Investigadores de la Universidad de Birminghgam han demostrado un nuevo método de baja temperatura para producir hidrógeno, adecuado tanto para la producción centralizada de hidrógeno como para la generación local mediante el aprovechamiento del calor residual de grandes plantas industriales. Si bien el hidrógeno no genera carbono en el punto de uso, el 95 % de la producción actual depende de combustibles fósiles.
En este sentido, la disociación térmica se postula como un método prometedor para la producción de hidrógeno. En él, un catalizador separa el agua en hidrógeno y oxígeno. El problema es que los catalizadores actuales disocian el agua a temperaturas de entre 700 y 1.000 ºC y requieren temperaturas de entre 1.300 y 1.500 ºC para regenerarse entre ciclos de disociación.
El equipo, dirigido por el profesor Yulong Ding de la Facultad de Ingeniería Química de la Universidad de Birmingham, ha demostrado que es posible reducir la temperatura en 500 º utilizando un catalizador de perovskita. El innovador estudio ha sido publicado en el International Journal of Hydrogen Energy, y demostró que el catalizador puede producir rendimientos sustanciales de hidrógeno en un rango de temperatura de 150 a 500 ºC, y regenerarse a temperatura entre 700 y 1.000 ºC.

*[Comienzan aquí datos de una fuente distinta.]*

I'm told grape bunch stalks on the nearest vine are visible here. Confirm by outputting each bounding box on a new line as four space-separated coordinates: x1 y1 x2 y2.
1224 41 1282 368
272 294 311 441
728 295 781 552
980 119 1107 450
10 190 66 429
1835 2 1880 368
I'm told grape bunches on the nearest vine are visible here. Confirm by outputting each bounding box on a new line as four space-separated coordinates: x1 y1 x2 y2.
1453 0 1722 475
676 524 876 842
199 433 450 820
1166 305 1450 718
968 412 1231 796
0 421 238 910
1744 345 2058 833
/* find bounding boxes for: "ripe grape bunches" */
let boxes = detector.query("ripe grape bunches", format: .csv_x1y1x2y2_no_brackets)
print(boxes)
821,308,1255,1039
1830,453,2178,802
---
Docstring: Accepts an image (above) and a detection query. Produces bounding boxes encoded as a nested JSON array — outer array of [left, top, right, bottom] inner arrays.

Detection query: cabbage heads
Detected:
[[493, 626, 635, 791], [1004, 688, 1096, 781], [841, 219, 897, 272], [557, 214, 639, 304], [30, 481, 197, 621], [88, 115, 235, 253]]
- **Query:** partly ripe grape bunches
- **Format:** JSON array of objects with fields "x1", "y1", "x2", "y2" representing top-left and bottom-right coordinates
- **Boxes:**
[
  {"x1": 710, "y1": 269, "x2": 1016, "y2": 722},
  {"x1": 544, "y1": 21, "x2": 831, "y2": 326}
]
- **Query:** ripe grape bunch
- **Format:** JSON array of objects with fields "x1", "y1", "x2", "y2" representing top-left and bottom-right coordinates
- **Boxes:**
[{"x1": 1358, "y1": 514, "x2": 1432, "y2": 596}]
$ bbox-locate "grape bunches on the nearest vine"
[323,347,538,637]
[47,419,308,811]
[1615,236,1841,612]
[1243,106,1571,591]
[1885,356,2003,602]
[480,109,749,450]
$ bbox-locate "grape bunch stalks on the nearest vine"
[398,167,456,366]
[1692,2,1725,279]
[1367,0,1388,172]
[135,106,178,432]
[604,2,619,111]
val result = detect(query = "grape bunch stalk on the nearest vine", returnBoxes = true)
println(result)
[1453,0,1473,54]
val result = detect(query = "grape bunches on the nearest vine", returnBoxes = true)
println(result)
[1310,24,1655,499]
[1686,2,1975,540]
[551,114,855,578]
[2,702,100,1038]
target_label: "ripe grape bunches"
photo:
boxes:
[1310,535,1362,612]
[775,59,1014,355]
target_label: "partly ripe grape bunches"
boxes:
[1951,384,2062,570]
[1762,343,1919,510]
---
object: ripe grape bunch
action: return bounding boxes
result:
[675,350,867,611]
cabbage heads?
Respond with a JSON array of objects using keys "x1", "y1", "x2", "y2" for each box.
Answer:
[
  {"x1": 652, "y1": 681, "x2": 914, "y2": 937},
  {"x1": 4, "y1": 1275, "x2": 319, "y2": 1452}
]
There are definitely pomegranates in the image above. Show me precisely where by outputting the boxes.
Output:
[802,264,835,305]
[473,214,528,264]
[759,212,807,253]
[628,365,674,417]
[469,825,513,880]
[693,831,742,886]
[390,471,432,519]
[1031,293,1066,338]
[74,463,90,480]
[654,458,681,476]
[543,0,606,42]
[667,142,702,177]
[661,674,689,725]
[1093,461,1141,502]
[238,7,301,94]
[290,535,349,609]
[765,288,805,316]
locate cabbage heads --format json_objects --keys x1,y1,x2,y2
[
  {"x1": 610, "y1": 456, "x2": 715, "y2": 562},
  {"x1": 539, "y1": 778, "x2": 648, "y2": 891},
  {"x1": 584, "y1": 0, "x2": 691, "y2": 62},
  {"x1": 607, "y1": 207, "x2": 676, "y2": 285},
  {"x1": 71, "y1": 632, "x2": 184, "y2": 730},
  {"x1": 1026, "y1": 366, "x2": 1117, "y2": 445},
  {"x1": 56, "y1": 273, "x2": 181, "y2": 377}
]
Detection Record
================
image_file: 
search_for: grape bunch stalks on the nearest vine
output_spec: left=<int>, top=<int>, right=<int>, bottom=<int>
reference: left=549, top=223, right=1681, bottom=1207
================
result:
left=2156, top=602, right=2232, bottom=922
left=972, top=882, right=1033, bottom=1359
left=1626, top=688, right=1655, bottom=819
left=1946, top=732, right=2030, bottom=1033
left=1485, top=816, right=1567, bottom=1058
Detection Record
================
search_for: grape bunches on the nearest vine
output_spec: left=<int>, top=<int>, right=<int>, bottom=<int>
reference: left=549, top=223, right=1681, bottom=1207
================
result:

La perovskita es un mineral compuesto por carbonato de calcio, oxígeno, titanio y estroncio (CaTiO3), descubierto en 1839 por el químico alemán Gustav Rose durante una expedición a los montes Urales. Con el paso del tiempo, los científicos empezaron a fijarse en sus propiedades y en cómo se podían reproducir en materiales fabricados por el ser humano, lo que llevó a la creación de las perovskitas sintéticas, que tienen la misma estructura que el mineral original, pero están hechas en laboratorios.
Este mineral es tan especial por su estructura cristalina, ya que tiene facilidad para que los electrones se muevan por dentro de ella. Cuando la luz del sol choca con una perovskita, sus electrones se mueven de forma muy eficiente, generando electricidad. Esto ha llevado a la creación de células solares de perovskita, que pueden ser muy delgadas, ligeras y, además muy eficaces para convertir la luz en electricidad.
Según el profesor Ding: “La menor temperatura general del proceso podría permitir la producción de hidrógeno cerca de las centrales de generación de energía renovable. Sectores industriales básicos como el acero, el cemento, el vidrio y los productos químicos disponen de abundante calor residual, que podría aprovecharse como insumo térmico para la producción de hidrógeno a baja temperatura. Si el hidrógeno se utiliza localmente, se superarían los obstáculos que presentan el almacenamiento y el transporte, lo que facilitaría la adopción del hidrógeno como combustible sin necesidad de infraestructuras costosas”.
La investigación se llevó a cabo en colaboración con la Universidad de Ciencia y Tecnología de Pekín y la Universidad de Birmingham la está comercializando en el Reino Unido y Europa. Además, la University of Birmingham Enterprise ha presentado una solicitud de patente que cubre el uso de catalizadores BNCF para la disociación del agua a bajas temperaturas y actualmente busca socios para impulsar este prometedor enfoque.